WORK ORDER –
Take the lines from the one containing "This was captured 6.1 seconds after image 1." through the final line below and restate them exactly. Omit the pictures.

INPUT MATERIAL –
☆ ☆ ☆ ☆ ☆

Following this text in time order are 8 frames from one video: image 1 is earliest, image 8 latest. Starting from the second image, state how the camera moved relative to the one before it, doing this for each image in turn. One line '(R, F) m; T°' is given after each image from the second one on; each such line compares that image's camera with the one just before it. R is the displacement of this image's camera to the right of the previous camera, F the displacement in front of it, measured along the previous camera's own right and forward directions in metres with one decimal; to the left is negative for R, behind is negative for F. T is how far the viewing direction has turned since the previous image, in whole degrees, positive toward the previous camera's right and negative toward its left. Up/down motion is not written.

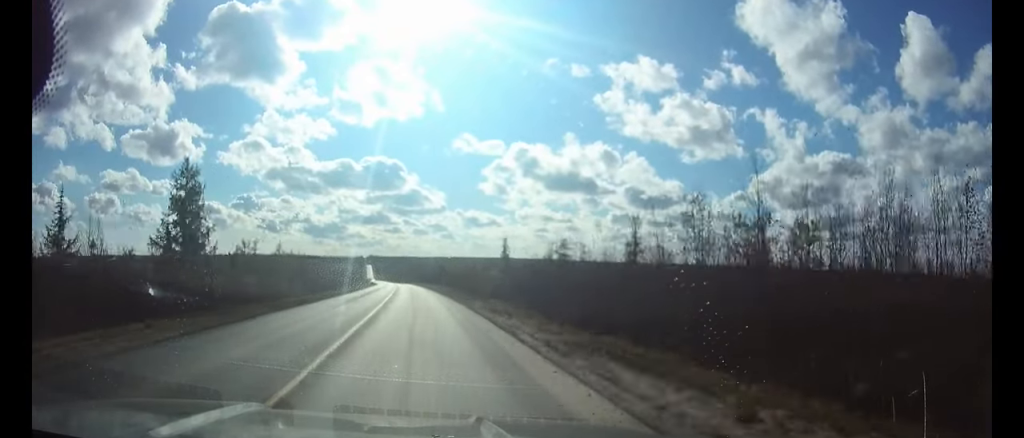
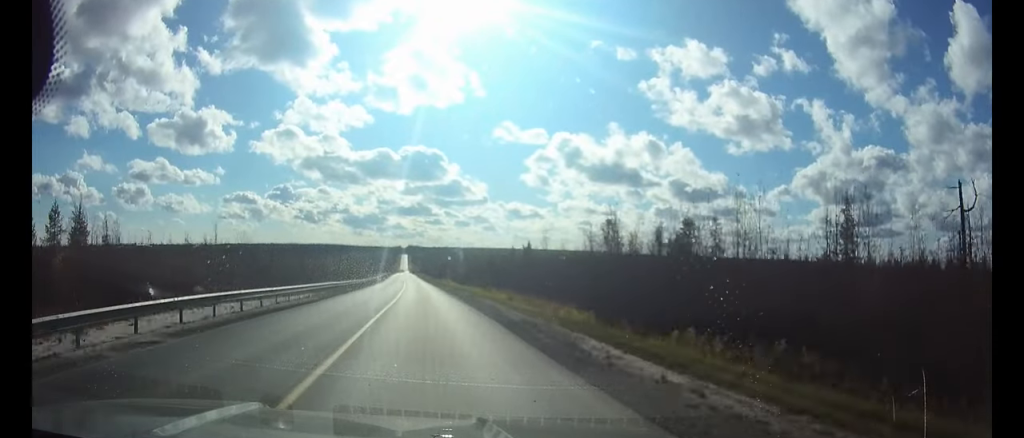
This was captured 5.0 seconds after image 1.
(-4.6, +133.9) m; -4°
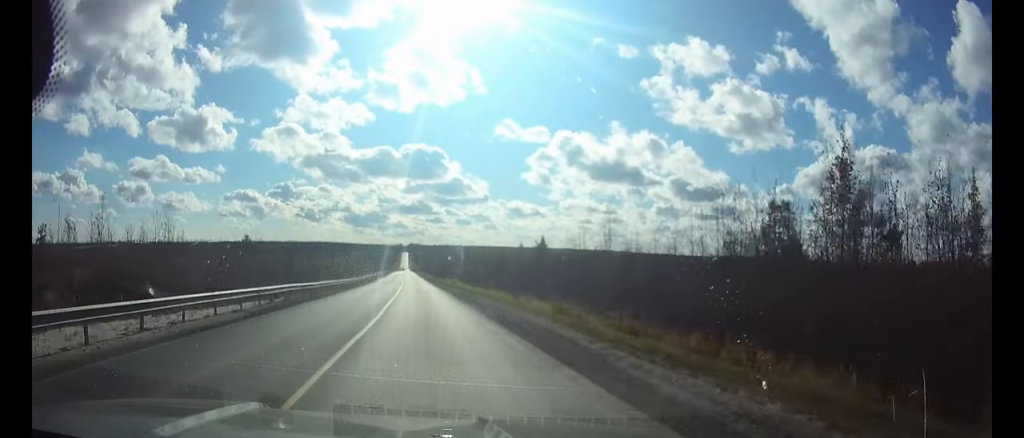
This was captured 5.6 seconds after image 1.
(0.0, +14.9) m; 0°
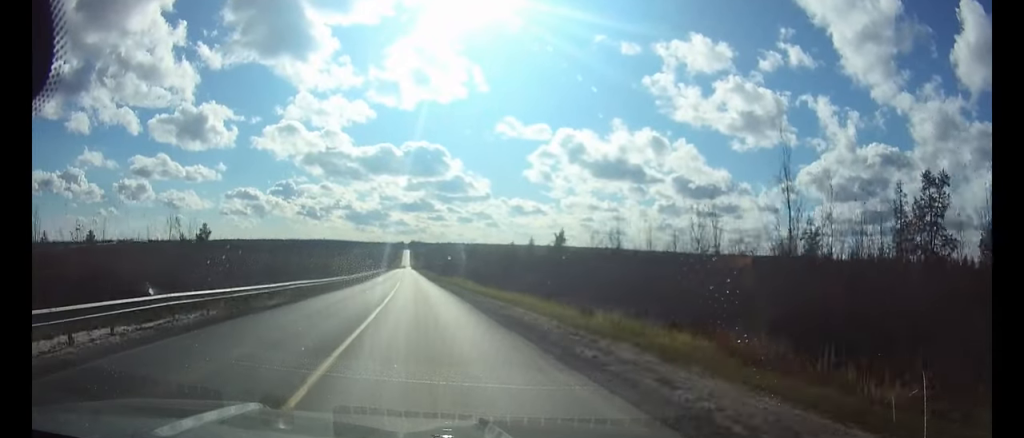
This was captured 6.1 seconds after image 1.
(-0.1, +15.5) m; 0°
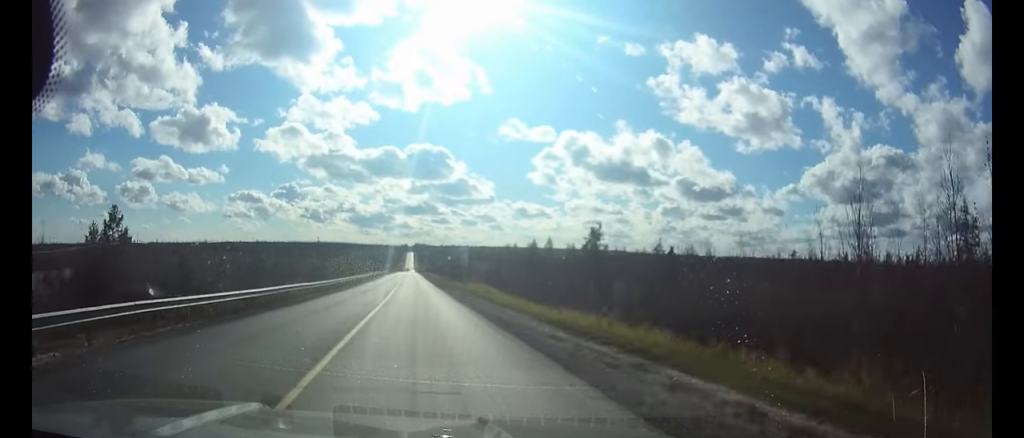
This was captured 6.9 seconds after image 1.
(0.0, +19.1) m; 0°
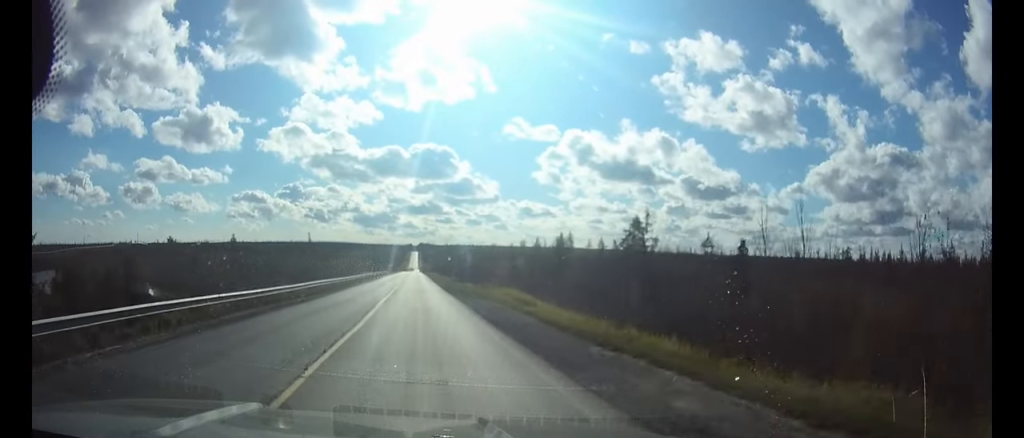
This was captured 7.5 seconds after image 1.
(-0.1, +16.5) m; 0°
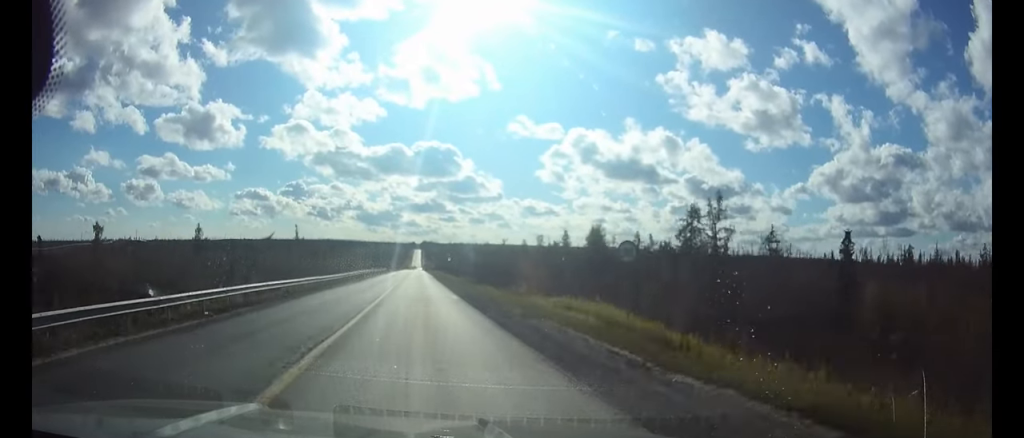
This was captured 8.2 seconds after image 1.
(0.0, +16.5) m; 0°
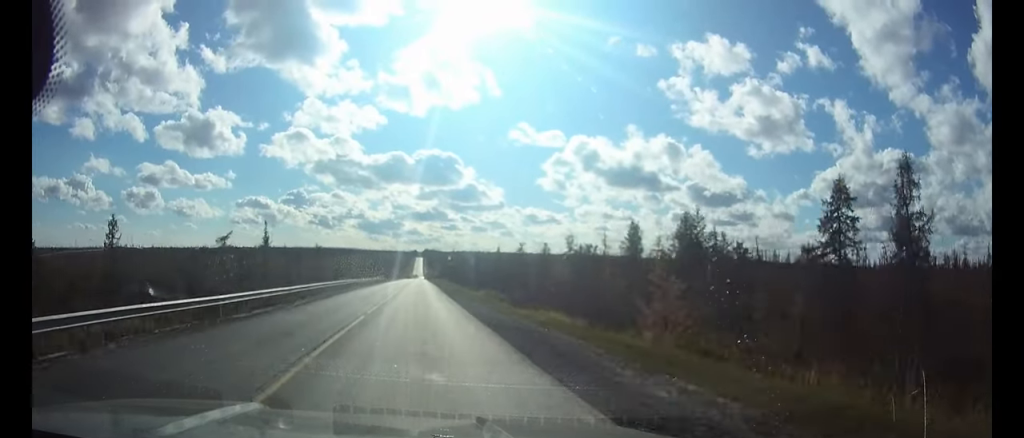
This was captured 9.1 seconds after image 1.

☆ ☆ ☆ ☆ ☆

OUTPUT BELOW –
This was captured 6.1 seconds after image 1.
(-0.1, +15.5) m; 0°
This was captured 6.9 seconds after image 1.
(0.0, +19.1) m; 0°
This was captured 7.5 seconds after image 1.
(-0.1, +16.5) m; 0°
This was captured 8.2 seconds after image 1.
(0.0, +16.5) m; 0°
This was captured 9.1 seconds after image 1.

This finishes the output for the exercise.